• _What to produce_
When you restate the entries that follow, keep every word exactly and drop the pictures.

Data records
************

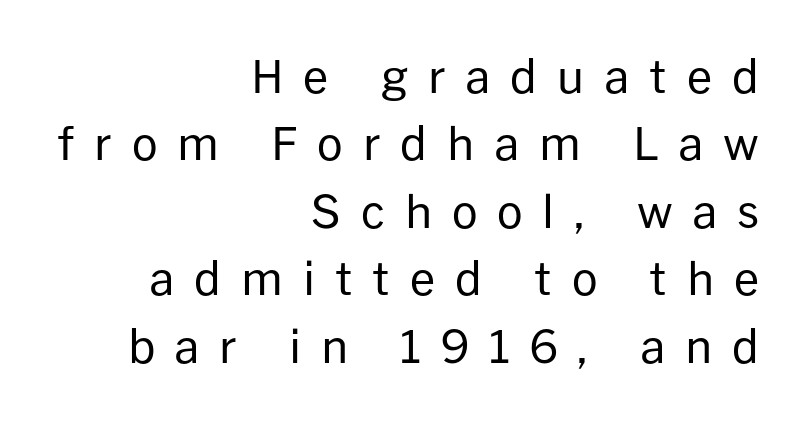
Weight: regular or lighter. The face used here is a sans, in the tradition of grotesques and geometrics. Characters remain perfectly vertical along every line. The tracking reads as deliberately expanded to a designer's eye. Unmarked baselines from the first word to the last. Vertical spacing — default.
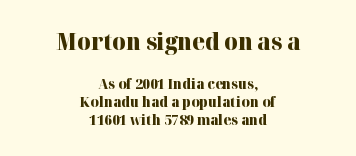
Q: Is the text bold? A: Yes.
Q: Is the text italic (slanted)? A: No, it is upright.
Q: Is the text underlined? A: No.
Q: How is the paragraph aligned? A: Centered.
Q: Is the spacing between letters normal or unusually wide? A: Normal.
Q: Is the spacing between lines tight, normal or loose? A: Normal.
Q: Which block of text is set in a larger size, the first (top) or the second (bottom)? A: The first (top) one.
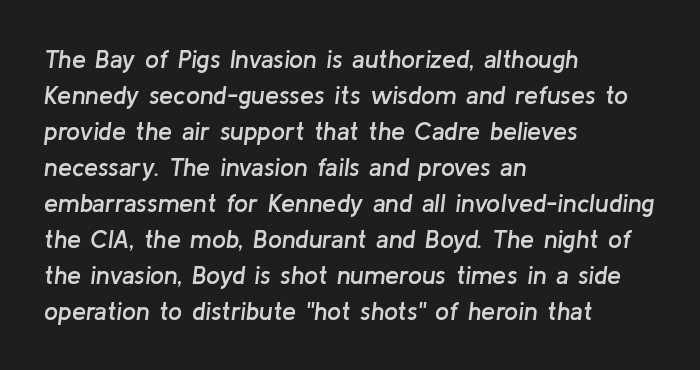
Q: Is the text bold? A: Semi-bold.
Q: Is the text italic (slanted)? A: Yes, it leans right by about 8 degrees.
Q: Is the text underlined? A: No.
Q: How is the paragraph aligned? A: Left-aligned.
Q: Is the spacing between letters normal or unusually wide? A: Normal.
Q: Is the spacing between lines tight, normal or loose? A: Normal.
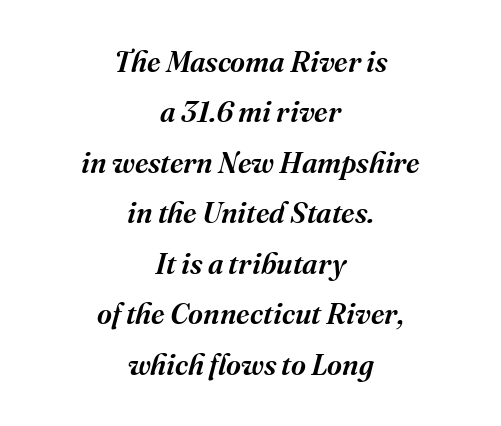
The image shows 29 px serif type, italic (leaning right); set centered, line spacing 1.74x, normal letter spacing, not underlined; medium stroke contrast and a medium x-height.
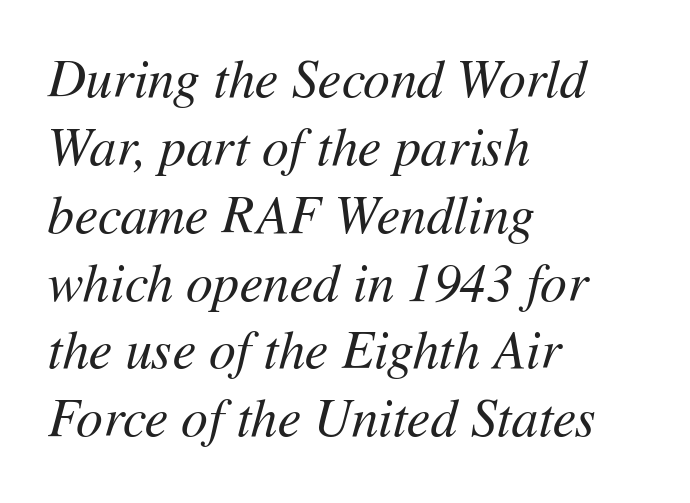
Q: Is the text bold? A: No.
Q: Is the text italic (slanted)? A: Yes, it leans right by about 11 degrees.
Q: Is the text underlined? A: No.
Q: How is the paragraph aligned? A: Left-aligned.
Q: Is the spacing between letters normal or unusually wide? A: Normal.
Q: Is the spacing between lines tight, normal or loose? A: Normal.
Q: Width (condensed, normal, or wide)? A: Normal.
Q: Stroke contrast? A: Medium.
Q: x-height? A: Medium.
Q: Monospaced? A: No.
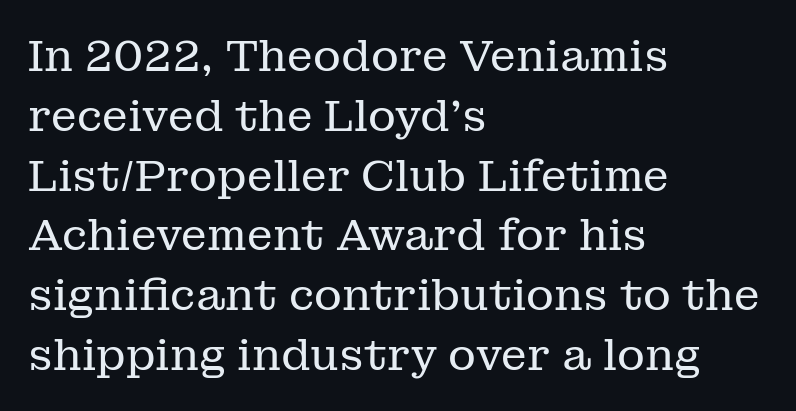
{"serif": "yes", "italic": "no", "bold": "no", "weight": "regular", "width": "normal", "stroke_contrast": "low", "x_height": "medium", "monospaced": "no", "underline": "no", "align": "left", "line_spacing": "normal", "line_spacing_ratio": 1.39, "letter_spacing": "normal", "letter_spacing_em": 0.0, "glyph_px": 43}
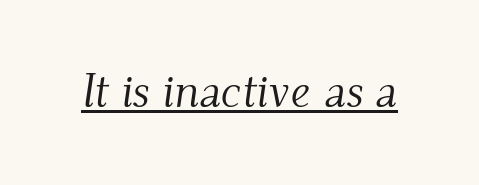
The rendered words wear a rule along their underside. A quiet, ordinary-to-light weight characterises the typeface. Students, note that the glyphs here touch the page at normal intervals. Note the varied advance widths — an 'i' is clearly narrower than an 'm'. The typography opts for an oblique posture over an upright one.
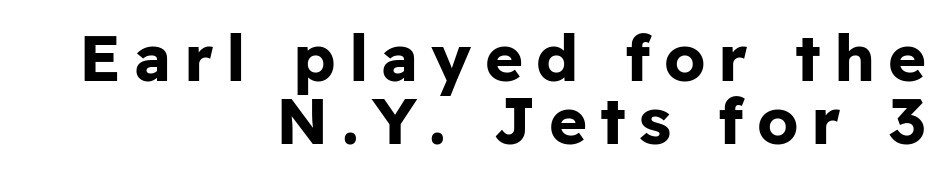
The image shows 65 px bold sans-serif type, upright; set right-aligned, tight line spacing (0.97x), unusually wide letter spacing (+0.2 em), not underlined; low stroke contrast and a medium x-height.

************

• _Task output_
Weight: regular or lighter. The face used here is a sans, in the tradition of grotesques and geometrics. Characters remain perfectly vertical along every line. The tracking reads as deliberately expanded to a designer's eye. Unmarked baselines from the first word to the last. Vertical spacing — default.
Q: Is the text bold? A: Yes.
Q: Is the text italic (slanted)? A: No, it is upright.
Q: Is the text underlined? A: No.
Q: How is the paragraph aligned? A: Centered.
Q: Is the spacing between letters normal or unusually wide? A: Normal.
Q: Is the spacing between lines tight, normal or loose? A: Normal.
Q: Which block of text is set in a larger size, the first (top) or the second (bottom)? A: The first (top) one.
Q: Is the text bold? A: Semi-bold.
Q: Is the text italic (slanted)? A: Yes, it leans right by about 8 degrees.
Q: Is the text underlined? A: No.
Q: How is the paragraph aligned? A: Left-aligned.
Q: Is the spacing between letters normal or unusually wide? A: Normal.
Q: Is the spacing between lines tight, normal or loose? A: Normal.
The image shows 29 px serif type, italic (leaning right); set centered, line spacing 1.74x, normal letter spacing, not underlined; medium stroke contrast and a medium x-height.
Q: Is the text bold? A: No.
Q: Is the text italic (slanted)? A: Yes, it leans right by about 11 degrees.
Q: Is the text underlined? A: No.
Q: How is the paragraph aligned? A: Left-aligned.
Q: Is the spacing between letters normal or unusually wide? A: Normal.
Q: Is the spacing between lines tight, normal or loose? A: Normal.
Q: Width (condensed, normal, or wide)? A: Normal.
Q: Stroke contrast? A: Medium.
Q: x-height? A: Medium.
Q: Monospaced? A: No.
{"serif": "yes", "italic": "no", "bold": "no", "weight": "regular", "width": "normal", "stroke_contrast": "low", "x_height": "medium", "monospaced": "no", "underline": "no", "align": "left", "line_spacing": "normal", "line_spacing_ratio": 1.39, "letter_spacing": "normal", "letter_spacing_em": 0.0, "glyph_px": 43}
The rendered words wear a rule along their underside. A quiet, ordinary-to-light weight characterises the typeface. Students, note that the glyphs here touch the page at normal intervals. Note the varied advance widths — an 'i' is clearly narrower than an 'm'. The typography opts for an oblique posture over an upright one.
The image shows 65 px bold sans-serif type, upright; set right-aligned, tight line spacing (0.97x), unusually wide letter spacing (+0.2 em), not underlined; low stroke contrast and a medium x-height.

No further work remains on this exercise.